## [Directions]
Return a copy of each line in the listing that includes the word "href".
--
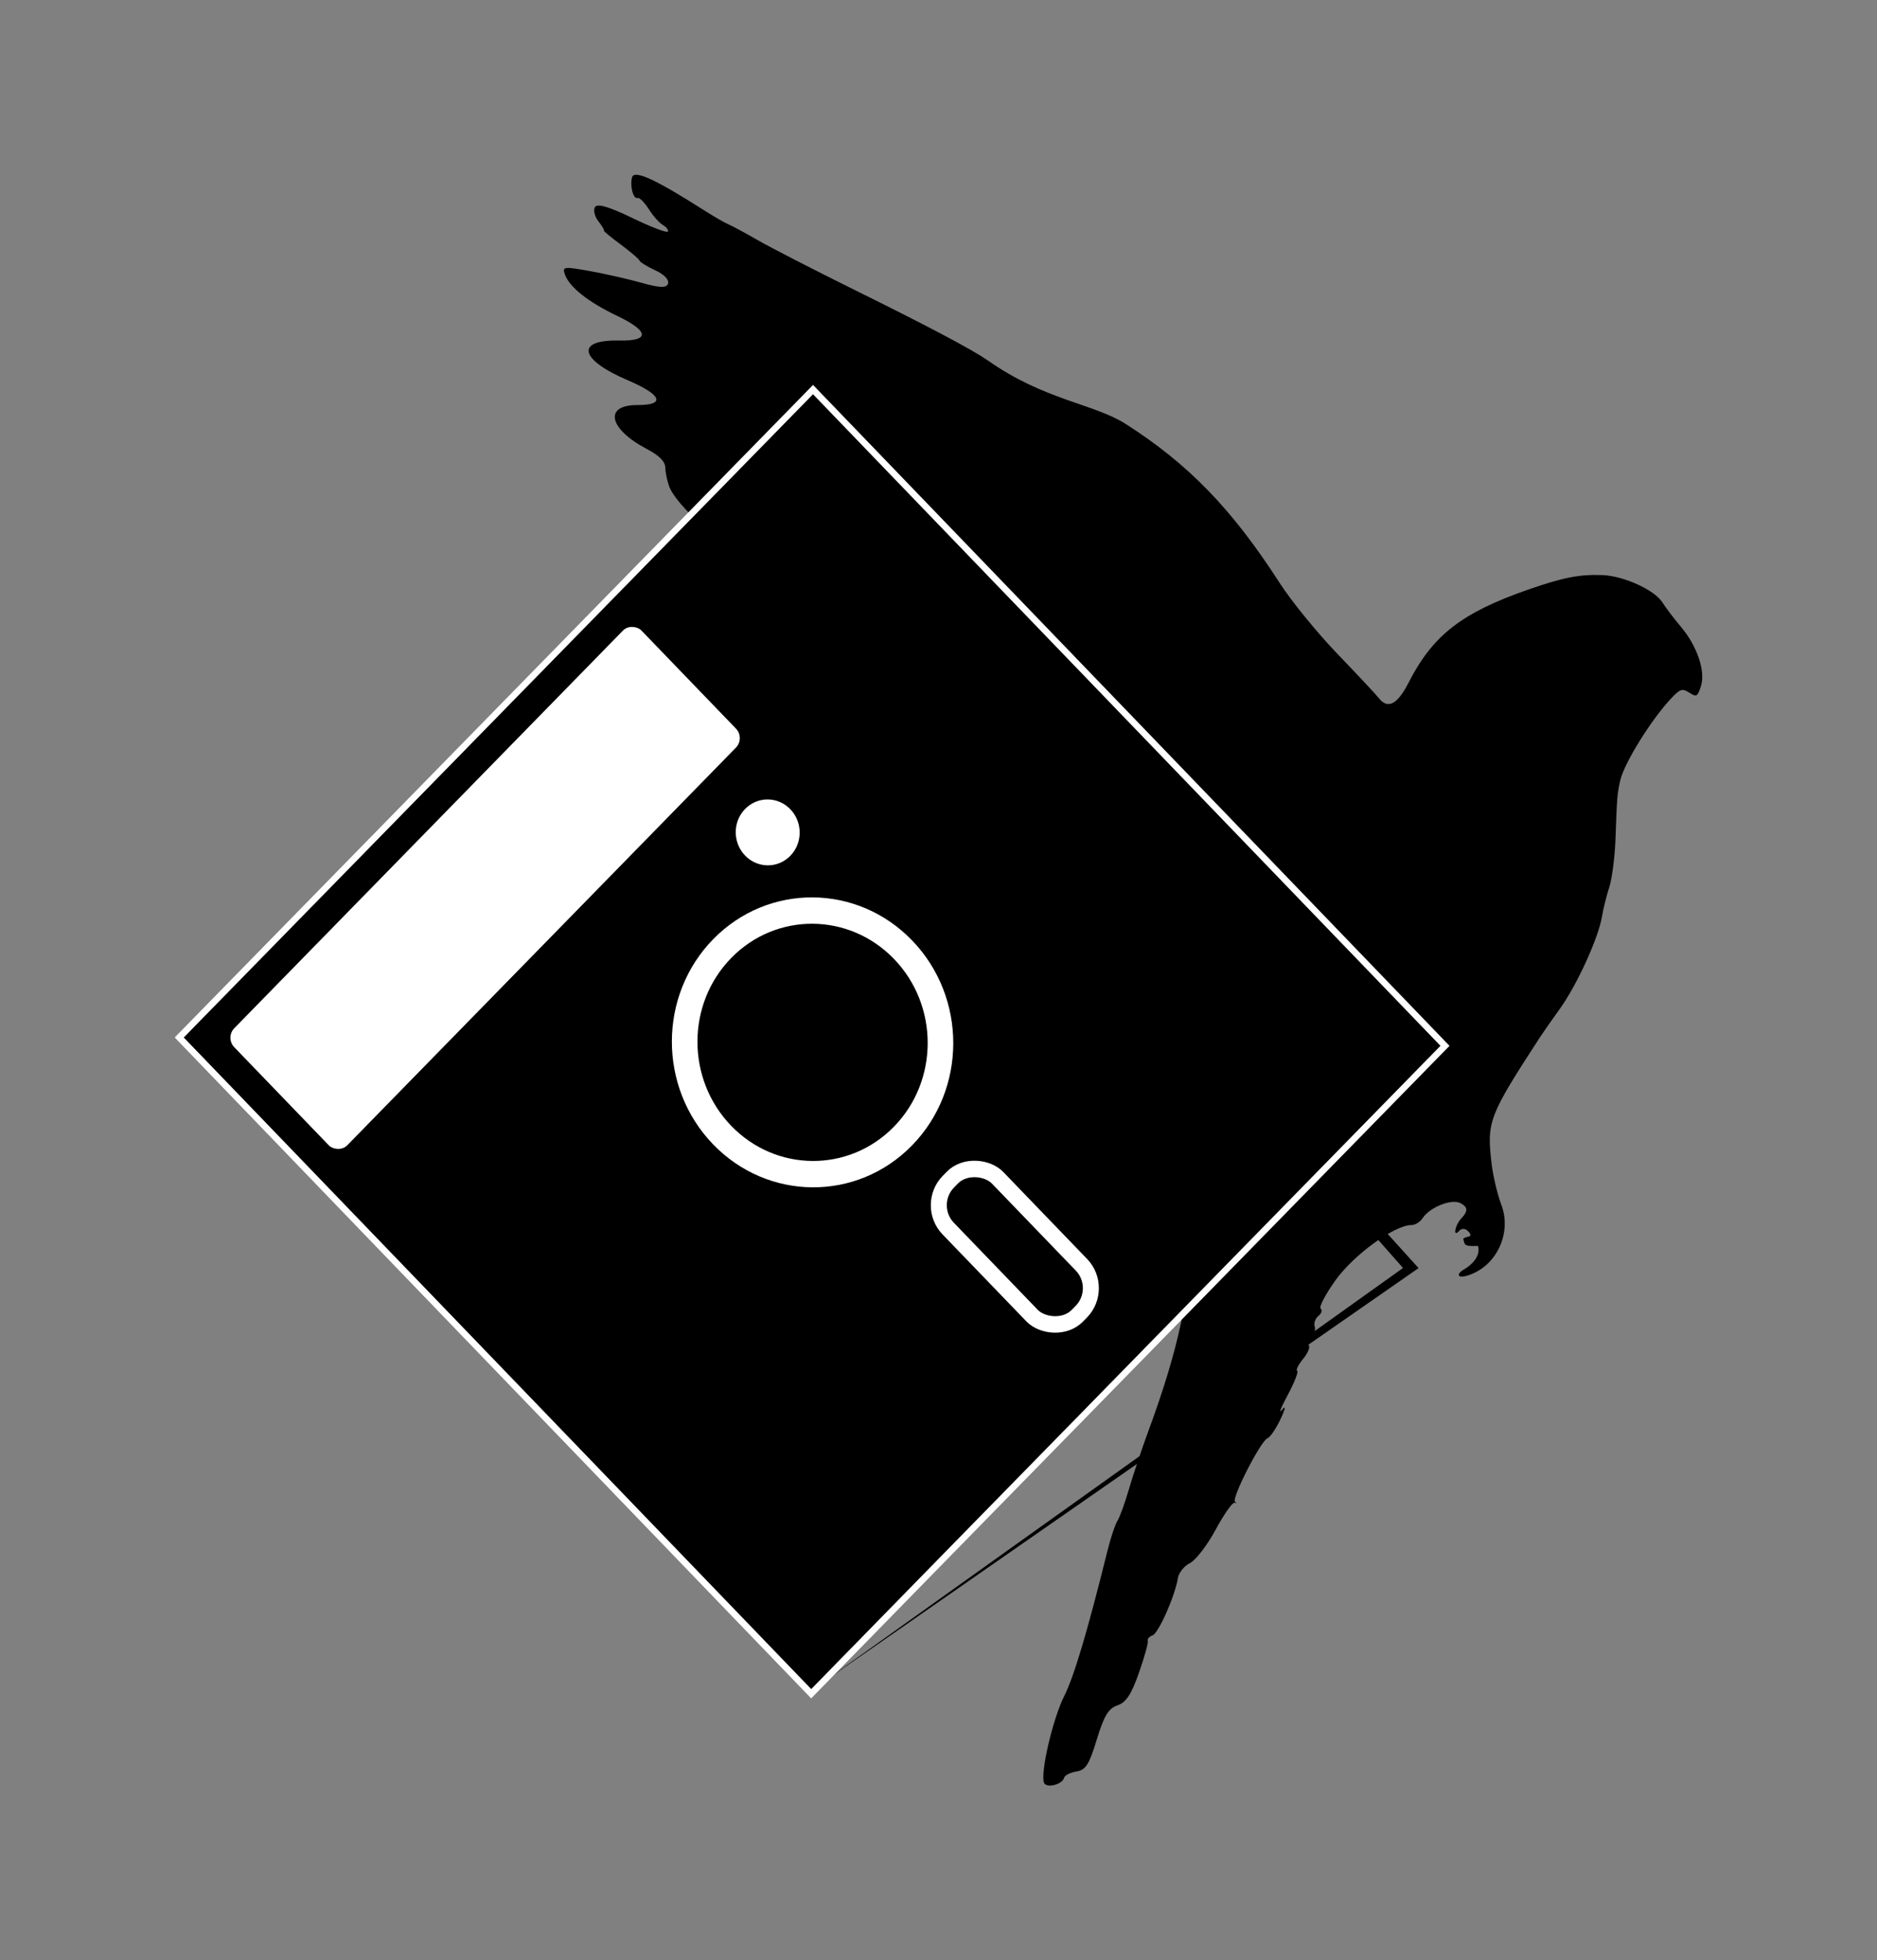 <?xml version="1.0" encoding="UTF-8" standalone="no"?>
<!-- Created with Inkscape (http://www.inkscape.org/) -->

<svg
   xmlns:dc="http://purl.org/dc/elements/1.1/"
   xmlns:cc="http://creativecommons.org/ns#"
   xmlns:rdf="http://www.w3.org/1999/02/22-rdf-syntax-ns#"
   xmlns:svg="http://www.w3.org/2000/svg"
   xmlns="http://www.w3.org/2000/svg"
   xmlns:xlink="http://www.w3.org/1999/xlink"
   xmlns:sodipodi="http://sodipodi.sourceforge.net/DTD/sodipodi-0.dtd"
   xmlns:inkscape="http://www.inkscape.org/namespaces/inkscape"
   width="537.088"
   height="560.813"
   id="svg2"
   version="1.1"
   inkscape:version="0.48.5 r10040"
   sodipodi:docname="floppy.svg">
  <rect width="100%" height="100%" fill="#808080" stroke="none"/>
  <defs
     id="defs4">
    <linearGradient
       id="linearGradient3801">
      <stop
         style="stop-color:#ffffff;stop-opacity:0;"
         offset="0"
         id="stop3803" />
      <stop
         id="stop3809"
         offset="1"
         style="stop-color:#ffffff;stop-opacity:1;" />
      <stop
         style="stop-color:#ffffff;stop-opacity:0;"
         offset="1"
         id="stop3805" />
    </linearGradient>
    <inkscape:perspective
       sodipodi:type="inkscape:persp3d"
       inkscape:vp_x="0 : 526.18109 : 1"
       inkscape:vp_y="0 : 1000 : 0"
       inkscape:vp_z="744.09448 : 526.18109 : 1"
       inkscape:persp3d-origin="372.04724 : 350.78739 : 1"
       id="perspective3766" />
    <linearGradient
       inkscape:collect="always"
       xlink:href="#linearGradient3801-4"
       id="linearGradient3807-9"
       x1="500.617"
       y1="181.333"
       x2="500.617"
       y2="177.444"
       gradientUnits="userSpaceOnUse" />
    <linearGradient
       id="linearGradient3801-4">
      <stop
         style="stop-color:#ffffff;stop-opacity:0;"
         offset="0"
         id="stop3803-4" />
      <stop
         id="stop3809-7"
         offset="1"
         style="stop-color:#ffffff;stop-opacity:1;" />
      <stop
         style="stop-color:#ffffff;stop-opacity:0;"
         offset="1"
         id="stop3805-2" />
    </linearGradient>
    <linearGradient
       y2="177.444"
       x2="500.617"
       y1="181.333"
       x1="500.617"
       gradientUnits="userSpaceOnUse"
       id="linearGradient3829-9"
       xlink:href="#linearGradient3801-4-5"
       inkscape:collect="always" />
    <linearGradient
       id="linearGradient3801-4-5">
      <stop
         style="stop-color:#ffffff;stop-opacity:0;"
         offset="0"
         id="stop3803-4-2" />
      <stop
         id="stop3809-7-4"
         offset="1"
         style="stop-color:#ffffff;stop-opacity:1;" />
      <stop
         style="stop-color:#ffffff;stop-opacity:0;"
         offset="1"
         id="stop3805-2-4" />
    </linearGradient>
    <linearGradient
       id="linearGradient3801-4-5-7">
      <stop
         style="stop-color:#ffffff;stop-opacity:0;"
         offset="0"
         id="stop3803-4-2-7" />
      <stop
         id="stop3809-7-4-9"
         offset="1"
         style="stop-color:#ffffff;stop-opacity:1;" />
      <stop
         style="stop-color:#ffffff;stop-opacity:0;"
         offset="1"
         id="stop3805-2-4-1" />
    </linearGradient>
    <linearGradient
       id="linearGradient3801-4-1">
      <stop
         style="stop-color:#ffffff;stop-opacity:0;"
         offset="0"
         id="stop3803-4-8" />
      <stop
         id="stop3809-7-3"
         offset="1"
         style="stop-color:#ffffff;stop-opacity:1;" />
      <stop
         style="stop-color:#ffffff;stop-opacity:0;"
         offset="1"
         id="stop3805-2-9" />
    </linearGradient>
    <linearGradient
       id="linearGradient3801-7">
      <stop
         style="stop-color:#ffffff;stop-opacity:0;"
         offset="0"
         id="stop3803-3" />
      <stop
         id="stop3809-5"
         offset="1"
         style="stop-color:#ffffff;stop-opacity:1;" />
      <stop
         style="stop-color:#ffffff;stop-opacity:0;"
         offset="1"
         id="stop3805-0" />
    </linearGradient>
  </defs>
  <sodipodi:namedview
     id="base"
     pagecolor="#ffffff"
     bordercolor="#666666"
     borderopacity="1.0"
     inkscape:pageopacity="0.0"
     inkscape:pageshadow="2"
     inkscape:zoom="0.8551367"
     inkscape:cx="325.93517"
     inkscape:cy="251.14004"
     inkscape:document-units="px"
     inkscape:current-layer="layer1"
     showgrid="false"
     inkscape:window-width="1680"
     inkscape:window-height="1031"
     inkscape:window-x="0"
     inkscape:window-y="0"
     inkscape:window-maximized="0"
     fit-margin-top="50"
     fit-margin-left="50"
     fit-margin-right="50"
     fit-margin-bottom="50">
    <inkscape:grid
       type="xygrid"
       id="grid2985"
       empspacing="5"
       visible="true"
       enabled="true"
       snapvisiblegridlinesonly="true"
       originx="-50.594px"
       originy="-813.279px" />
  </sodipodi:namedview>
  <g
     inkscape:label="Calque 1"
     inkscape:groupmode="layer"
     id="layer1"
     transform="translate(29.406,-138.257)">
    <path
       style="fill:#000000"
       d="m 269.313,648.23 c -1.039,-2.936 2.554,-18.306 5.778,-24.715 2.824,-5.614 6.641,-18.428 12.422,-41.701 0.916,-3.689 2.193,-7.511 2.837,-8.493 0.644,-0.982 2.133,-5.094 3.31,-9.139 1.177,-4.044 3.693,-11.559 5.592,-16.698 8.56,-23.169 12.103,-39.802 11.962,-56.157 -0.103,-11.926 1.229,-22.892 4.381,-36.06 2.324,-9.709 2.194,-10.374 -1.565,-7.99 -2.062,1.308 -3.071,1.363 -3.486,0.191 -0.321,-0.908 -1.825,-1.53 -3.342,-1.383 -1.706,0.165 -3.528,-0.985 -4.778,-3.018 -1.644,-2.673 -2.948,-3.18 -6.995,-2.723 -4.406,0.498 -5.081,0.162 -5.906,-2.939 -0.512,-1.926 -1.984,-4.052 -3.271,-4.724 -2.142,-1.119 -2.902,-2.769 -2.908,-6.311 -0.001,-0.727 -1.387,-2.325 -3.08,-3.552 -1.693,-1.227 -4.123,-4.032 -5.4,-6.233 -1.603,-2.764 -3.193,-3.917 -5.138,-3.728 -1.549,0.15 -3.51,-0.712 -4.358,-1.916 -0.848,-1.204 -1.938,-1.73 -2.423,-1.168 -0.812,0.941 -7.415,-7.466 -10.812,-11.252 -3.142,-3.502 -2.172,-9.067 -0.539,-13.301 0.978,-3.712 -0.303,-5.17 -3.549,-4.039 -3.821,1.332 -6.811,-1.032 -8.95,-7.074 -1.046,-2.955 -2.647,-4.887 -4.622,-5.577 -1.857,-0.649 -4.747,-3.955 -7.501,-8.583 -2.464,-4.14 -6.036,-8.564 -7.939,-9.831 -1.902,-1.266 -3.971,-3.75 -4.597,-5.519 -0.749,-2.117 -3.486,-4.358 -8.007,-6.558 -7.412,-3.606 -10.146,-7.861 -7.122,-11.086 1.65,-1.76 1.401,-2.114 -2.904,-4.109 -5.528,-2.563 -9.792,-7.796 -9.637,-11.826 0.078,-2.028 -1.1,-3.688 -4.069,-5.731 -5.102,-3.511 -9.212,-10.009 -8.077,-12.773 0.834,-2.031 -1.333,-5.55 -3.05,-4.952 -1.398,0.487 -8.104,-6.595 -9.409,-9.937 -0.625,-1.599 -1.16,-4.089 -1.188,-5.533 -0.036,-1.813 -1.681,-3.484 -5.322,-5.403 -10.902,-5.747 -12.356,-12.578 -2.674,-12.556 8.195,0.018 7.025,-2.918 -2.844,-7.136 -13.722,-5.864 -14.958,-11.575 -2.448,-11.314 8.942,0.186 8.727,-2.66 -0.535,-7.083 -8.248,-3.939 -13.633,-8.211 -14.915,-11.834 -0.795,-2.245 -0.334,-2.308 7.12,-0.967 4.383,0.789 11.114,2.318 14.956,3.399 5.183,1.458 7.106,1.492 7.449,0.133 0.284,-1.127 -1.145,-2.576 -3.715,-3.766 -2.297,-1.064 -4.311,-2.313 -4.475,-2.775 -0.165,-0.462 -2.611,-2.551 -5.438,-4.641 -2.827,-2.09 -4.96,-3.862 -4.739,-3.939 0.221,-0.077 -0.464,-1.236 -1.522,-2.576 -1.091,-1.383 -1.545,-3.157 -1.048,-4.103 0.601,-1.144 3.943,-0.182 10.659,3.067 5.381,2.604 9.978,4.366 10.214,3.915 0.236,-0.45 -0.394,-1.29 -1.4,-1.865 -1.007,-0.575 -2.835,-2.629 -4.063,-4.563 -1.228,-1.934 -2.662,-3.368 -3.186,-3.185 -1.213,0.423 -2.247,-3.342 -1.611,-5.864 0.578,-2.291 6.474,0.378 20.389,9.233 2.952,1.879 6.157,3.736 7.122,4.126 0.965,0.391 4.821,2.47 8.57,4.621 3.749,2.151 16.164,8.529 27.589,14.175 21.417,10.583 33.475,16.965 38.214,20.224 15.922,11.252 30.356,12.377 39.331,18.094 18.045,11.52 30.47,24.349 44.161,45.595 3.313,5.141 10.736,14.247 16.496,20.235 5.76,5.988 11.084,11.675 11.832,12.636 2.543,3.271 5.305,1.843 8.493,-4.392 6.961,-13.616 15.207,-20.03 34.278,-26.662 9.975,-3.468 14.606,-4.376 21.161,-4.145 6.073,0.214 14.928,4.228 17.184,7.79 1.008,1.591 3.403,4.745 5.323,7.008 4.603,5.427 7.074,12.697 5.745,16.9 -0.983,3.107 -1.258,3.268 -3.327,1.952 -1.978,-1.259 -2.58,-1.099 -4.902,1.301 -5.745,5.94 -13.781,18.817 -14.902,23.88 -0.848,3.827 -0.912,4.625 -1.338,16.632 -0.183,5.152 -0.984,11.378 -1.781,13.836 -0.797,2.458 -1.732,6.216 -2.079,8.351 -0.986,6.071 -7.095,19.491 -11.981,26.319 -2.444,3.415 -5.043,7.131 -5.775,8.258 -14.68,22.592 -15.255,24.096 -13.832,36.204 0.41,3.491 1.66,8.76 2.777,11.707 3.116,8.222 -1.483,17.803 -9.73,20.271 -3.031,0.907 -3.108,-0.561 -0.898,-1.806 2.059,-1.159 4.842,-3.765 3.936,-6.694 -4.095,0.208 -3.705,-0.353 -4.173,-1.828 -0.157,-0.497 1.01,-0.66 1.747,-0.917 0.737,-0.257 -0.077,-1.26 -0.747,-1.766 -0.67,-0.505 -1.64,-0.429 -2.156,0.169 -1.868,2.165 -1.337,-1.503 0.58,-3.529 2.149,-2.272 1.681,-3.299 -0.192,-4.334 -2.511,-1.388 -8.842,1.112 -10.919,4.311 -0.699,1.076 -2.14,1.95 -3.203,1.943 -4.743,-0.035 -16.485,8.509 -21.688,15.782 -2.894,4.045 -4.808,7.698 -4.252,8.117 0.556,0.419 0.267,1.362 -0.642,2.095 -0.909,0.733 -1.385,2.087 -1.059,3.009 0.326,0.922 -0.185,2.304 -1.135,3.071 -0.951,0.767 -1.244,1.76 -0.653,2.207 0.592,0.446 -0.076,2.217 -1.483,3.936 -1.407,1.718 -2.194,3.284 -1.748,3.479 0.446,0.195 -0.786,3.336 -2.737,6.979 -1.951,3.644 -2.661,5.513 -1.579,4.153 1.129,-1.418 0.954,-0.308 -0.411,2.602 -1.308,2.79 -3.004,5.291 -3.767,5.557 -1.899,0.661 -10.469,17.45 -9.279,18.177 0.524,0.321 0.461,0.442 -0.142,0.269 -0.602,-0.172 -3.048,3.31 -5.434,7.737 -2.387,4.428 -5.687,8.715 -7.334,9.528 -1.647,0.812 -3.2,2.75 -3.451,4.306 -0.828,5.137 -5.551,15.784 -7.268,16.382 -0.927,0.323 -1.533,1.022 -1.345,1.552 0.188,0.53 -0.951,4.644 -2.53,9.141 -2.187,6.228 -3.654,8.45 -6.154,9.321 -2.58,0.899 -3.845,2.99 -5.911,9.775 -2.191,7.194 -3.16,8.717 -5.823,9.144 -1.757,0.282 -3.337,1.078 -3.511,1.768 -0.502,1.99 -5.171,3.129 -5.779,1.41 z"
       id="path4311"
       inkscape:connector-curvature="0"
       sodipodi:nodetypes="sssssssssssssssssssscscsssssssssssssssssssssssssssscssccsssssssccssssssssssssssssssssscssssssssscssssscssssssssssssssscs" />
    <path
       style="fill:#000000;fill-opacity:1;stroke:none"
       d="M 200.41,306.411 376.5,501.037 204.64,620.549 372.053,501.009 z"
       id="path3855"
       inkscape:connector-curvature="0"
       sodipodi:nodetypes="ccccc" />
    <path
       style="fill:#000000;fill-opacity:1;stroke:#ffffff;stroke-width:1.857;stroke-miterlimit:4;stroke-opacity:1;stroke-dasharray:none"
       d="M 21.882,435.062 202.71,622.803 c 0,0 71.168,-72.794 74.484,-76.126 3.316,-3.332 2.159,-2.207 6.477,-6.62 4.318,-4.413 19.43,-19.859 19.43,-19.859 4.591,-4.692 0.84,-0.859 6.477,-6.62 0,0 17.272,-17.652 25.908,-26.479 2.159,-2.207 4.318,-4.413 6.477,-6.62 14.033,-14.343 42.1,-43.028 42.1,-43.028 L 203.234,249.712 21.882,435.062 z"
       id="rect2987"
       inkscape:connector-curvature="0"
       sodipodi:nodetypes="cczzssaacccc" />
    <path
       sodipodi:type="arc"
       style="fill:#000000;fill-opacity:1;stroke:#ffffff;stroke-width:8;stroke-miterlimit:4;stroke-opacity:1;stroke-dasharray:none"
       id="path3764"
       sodipodi:cx="190"
       sodipodi:cy="432.36218"
       sodipodi:rx="40"
       sodipodi:ry="40"
       d="m 230,432.362 c 0,22.091 -17.909,40 -40,40 -22.091,0 -40,-17.909 -40,-40 0,-22.091 17.909,-40 40,-40 22.091,0 40,17.909 40,40 z"
       transform="matrix(0.648,-0.662,0.646,0.671,-199.322,272.122)" />
    <path
       sodipodi:type="arc"
       style="fill:#000000;fill-opacity:1;stroke:#ffffff;stroke-width:10;stroke-linecap:round;stroke-linejoin:round;stroke-miterlimit:4;stroke-opacity:1;stroke-dasharray:none"
       id="path3782"
       sodipodi:cx="255"
       sodipodi:cy="397.36218"
       sodipodi:rx="5"
       sodipodi:ry="5"
       d="m 260,397.362 c 0,2.761 -2.239,5 -5,5 -2.761,0 -5,-2.239 -5,-5 0,-2.761 2.239,-5 5,-5 2.761,0 5,2.239 5,5 z"
       transform="matrix(0.648,-0.662,0.646,0.671,-231.669,278.57)" />
    <rect
       style="fill:#000000;fill-opacity:1;stroke:#ffffff;stroke-width:4.643;stroke-linecap:round;stroke-linejoin:round;stroke-miterlimit:4;stroke-opacity:1;stroke-dasharray:none"
       id="rect3786"
       width="20.276"
       height="53.219"
       x="-165.782"
       y="506.209"
       ry="9.309"
       transform="matrix(0.699,-0.715,0.694,0.72,0,0)" />
    <rect
       style="fill:#ffffff;fill-opacity:1;stroke:none"
       id="rect3853"
       width="166.701"
       height="46.547"
       x="-276.916"
       y="329.33"
       transform="matrix(0.699,-0.715,0.694,0.72,0,0)"
       ry="3.772" />
    <flowRoot
       xml:space="preserve"
       id="flowRoot4372"
       style="font-size:10px;font-style:normal;font-variant:normal;font-weight:normal;font-stretch:normal;line-height:125%;letter-spacing:0px;word-spacing:0px;fill:#000000;fill-opacity:1;stroke:none;font-family:Bitstream Vera Sans Mono;-inkscape-font-specification:Bitstream Vera Sans Mono"
       transform="translate(10.712,69.835)"><flowRegion
         id="flowRegion4374"><rect
           id="rect4376"
           width="147.345"
           height="80.689"
           x="-119.279"
           y="682.368" /></flowRegion><flowPara
         id="flowPara4378"></flowPara></flowRoot>    <flowRoot
       xml:space="preserve"
       id="flowRoot4388"
       style="font-size:10px;font-style:normal;font-variant:normal;font-weight:normal;font-stretch:normal;line-height:125%;letter-spacing:0px;word-spacing:0px;fill:#000000;fill-opacity:1;stroke:none;font-family:Bitstream Vera Sans Mono;-inkscape-font-specification:Bitstream Vera Sans Mono"
       transform="translate(10.712,69.835)"><flowRegion
         id="flowRegion4390"><rect
           id="rect4392"
           width="45.607"
           height="19.88"
           x="-174.241"
           y="551.394" /></flowRegion><flowPara
         id="flowPara4394"></flowPara></flowRoot>  </g>
</svg>
--
## [Completed exercise]
       xlink:href="#linearGradient3801-4"
       xlink:href="#linearGradient3801-4-5"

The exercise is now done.